Search: Vector databases are designed for search and data mining, they especially excel in semantic search. The primary use case of vector databases is findingunstructured data - text, image, audio, and video. Unlike traditional searches which retrieve only exact matches, vector databases return similar, close approximations.

Similarity search-based use cases mostly involving unstructured data such as images, video, and audio are hard to classify in relational databases. Vector databases can analyze data in real-time. For example, they might search for objects or quickly look up objects in front of autonomous cars to identify and categorize them, or support facial recognition systems. Vector databases can also be applied to audio search use-cases to identify the name of a song or a user’s voice.

Vector databases can also be applied for searching through genomic data and DNA sequences that rely heavily on approximate nearest neighbors’ search results.

Cluster Identification: Use cases like de-duplicating a list or automatically categorizing items in a list are possible with a vector database. Vector databases could be applied to graphs by storing the graph embeddings (node, edge, sub-graph embedding) and identifying similar networks and clusters. Vector databases find usage in recommendation engines - where similarity search functionality can help in suggesting relevant items to users as well as for content management search and categorization of items. 

Recommendation: Recommender systems can use vector databases to store, index, search, and retrieve unstructured data. Home Depot, for example, dramatically improved the search experience using vector databases. Semantic search-based uses cases where searching is based on understanding natural language is good fit for vector databases. In such use cases, vector databases can be used to index vector embeddings from NLP models to understand the context of the text.
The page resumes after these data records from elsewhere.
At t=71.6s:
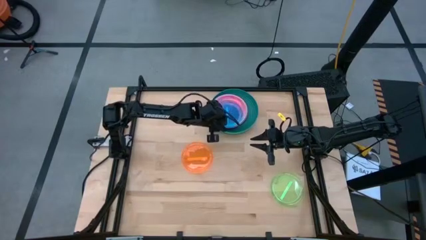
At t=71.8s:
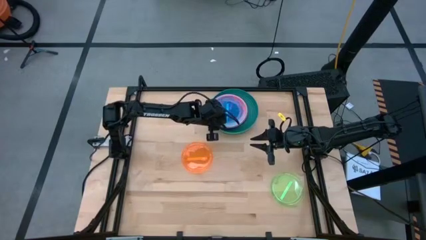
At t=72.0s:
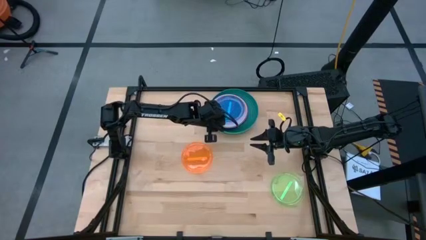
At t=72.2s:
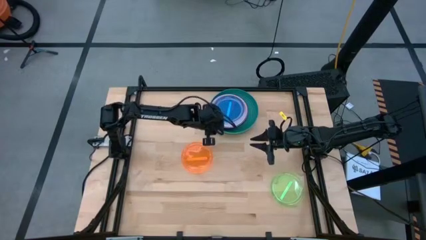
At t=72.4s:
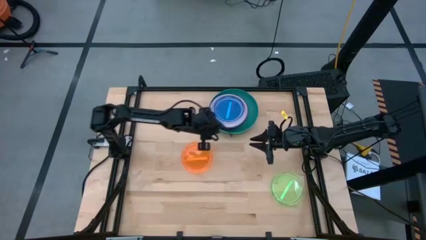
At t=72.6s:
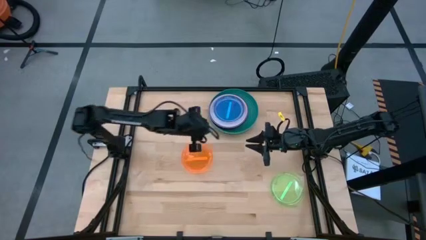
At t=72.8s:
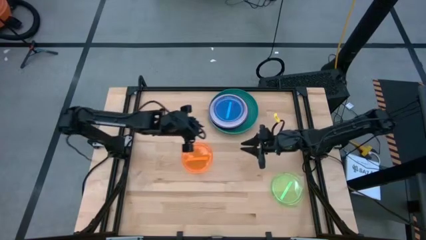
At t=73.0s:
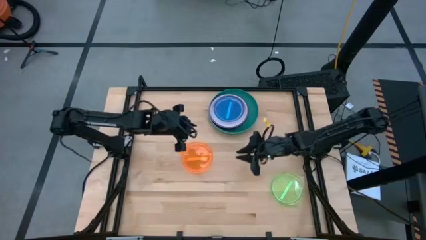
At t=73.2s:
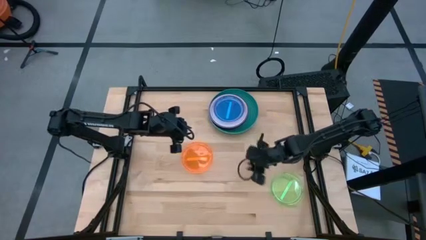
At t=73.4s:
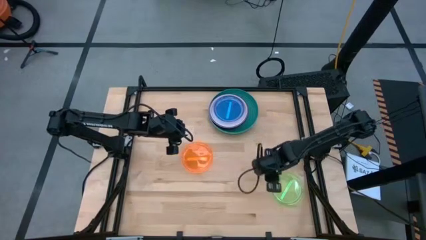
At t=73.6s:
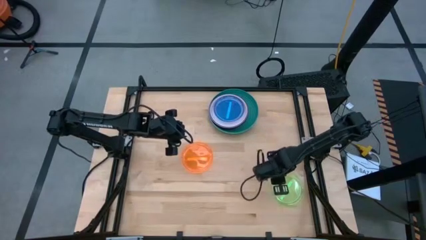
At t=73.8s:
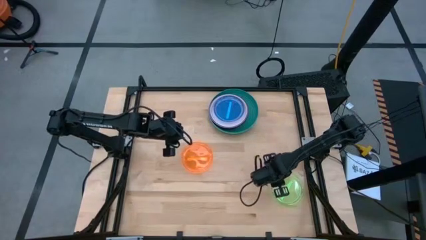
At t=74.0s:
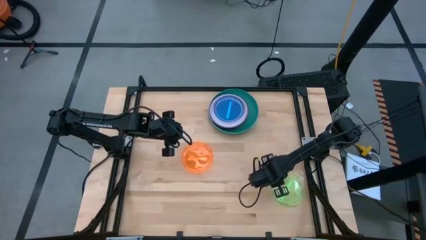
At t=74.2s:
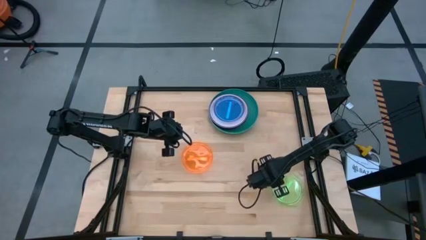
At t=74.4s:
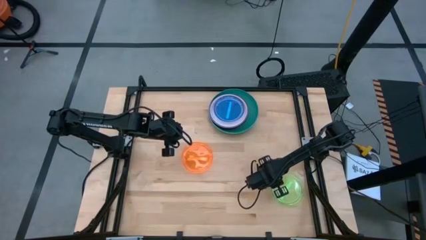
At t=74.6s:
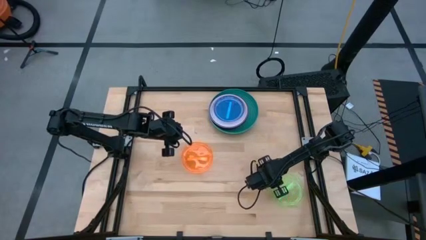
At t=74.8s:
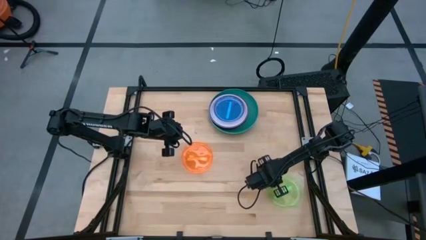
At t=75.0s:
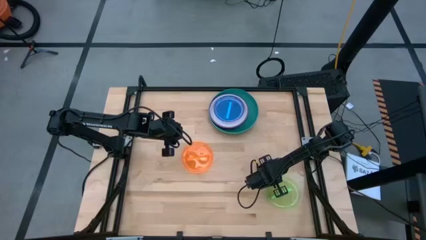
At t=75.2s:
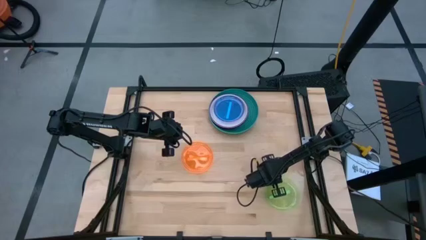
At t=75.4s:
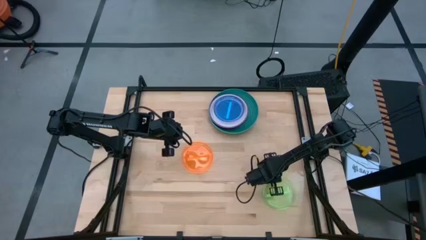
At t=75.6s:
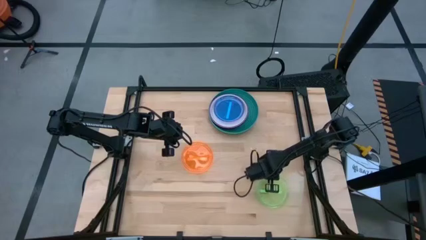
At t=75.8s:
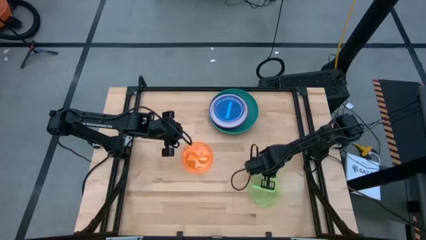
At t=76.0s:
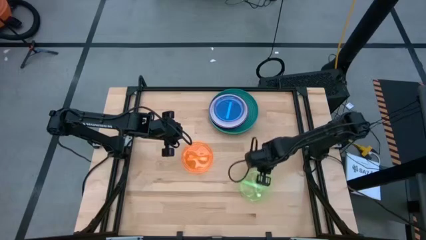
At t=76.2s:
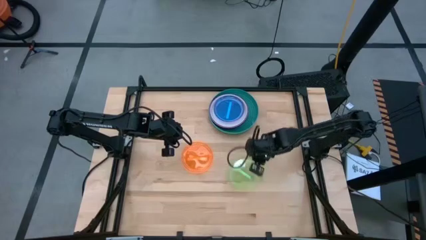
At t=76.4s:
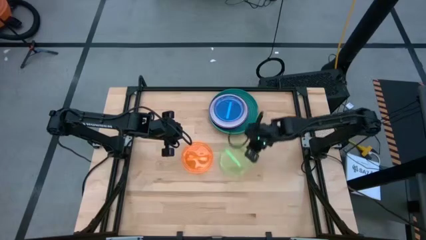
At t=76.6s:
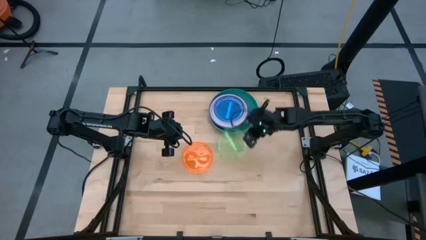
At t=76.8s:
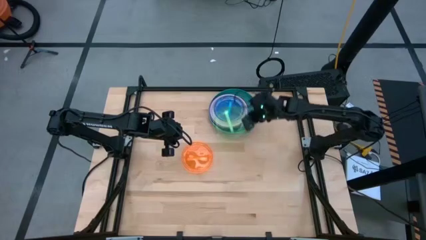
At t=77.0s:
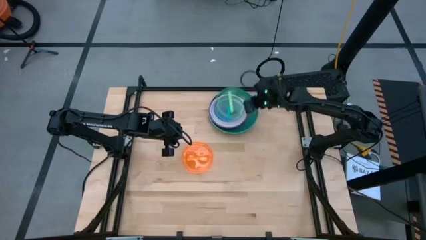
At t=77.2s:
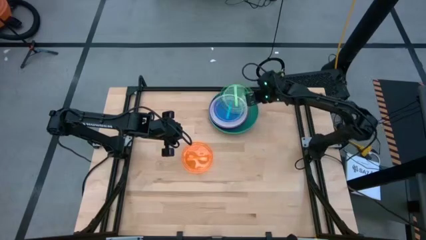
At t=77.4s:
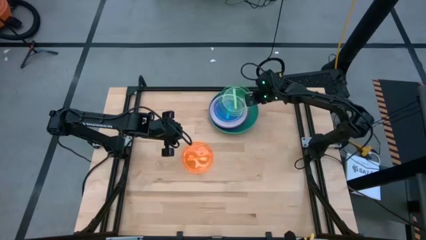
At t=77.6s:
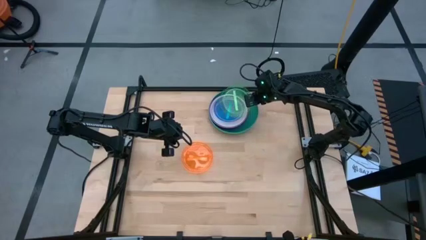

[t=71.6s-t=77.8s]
Stack the small green plate on top of the small blue plate
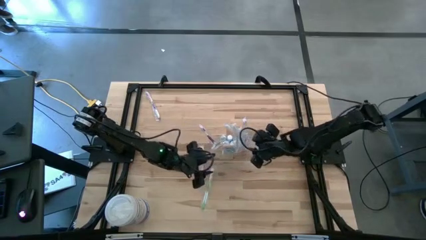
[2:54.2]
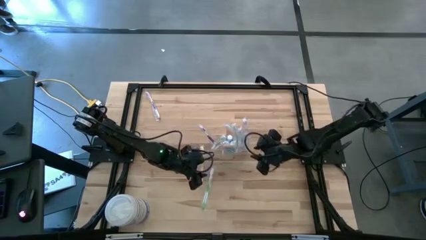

LLM Workflow: One of the shining-star use cases of vector databases is in providing a form of persistence for LLMs and for LLMs to query and retrieve domain specific information by performing similarity search to find the best or closest match for the request from the vector embeddings that are persisted. Vector databases have been successfully used to alter the workflow of prompts with ChatGPT. End user questions can be routed to a vector database to retrieve the most relevant results, consolidate them with the original question and resubmit to the ChatGPT engine. This altered workflow has been found to return better results.

Conclusion

Vector databases have brought on a new category to the NoSQL space. These databases are still relatively new and are continuously evolving and adding capabilities. Non-functional features like horizontal scaling, pagination, sharding and capabilities of GPU/TPU etc are still in development. In a world that is increasingly becoming AI driven, vector databases look to be an important cog of the data and AI flywheel.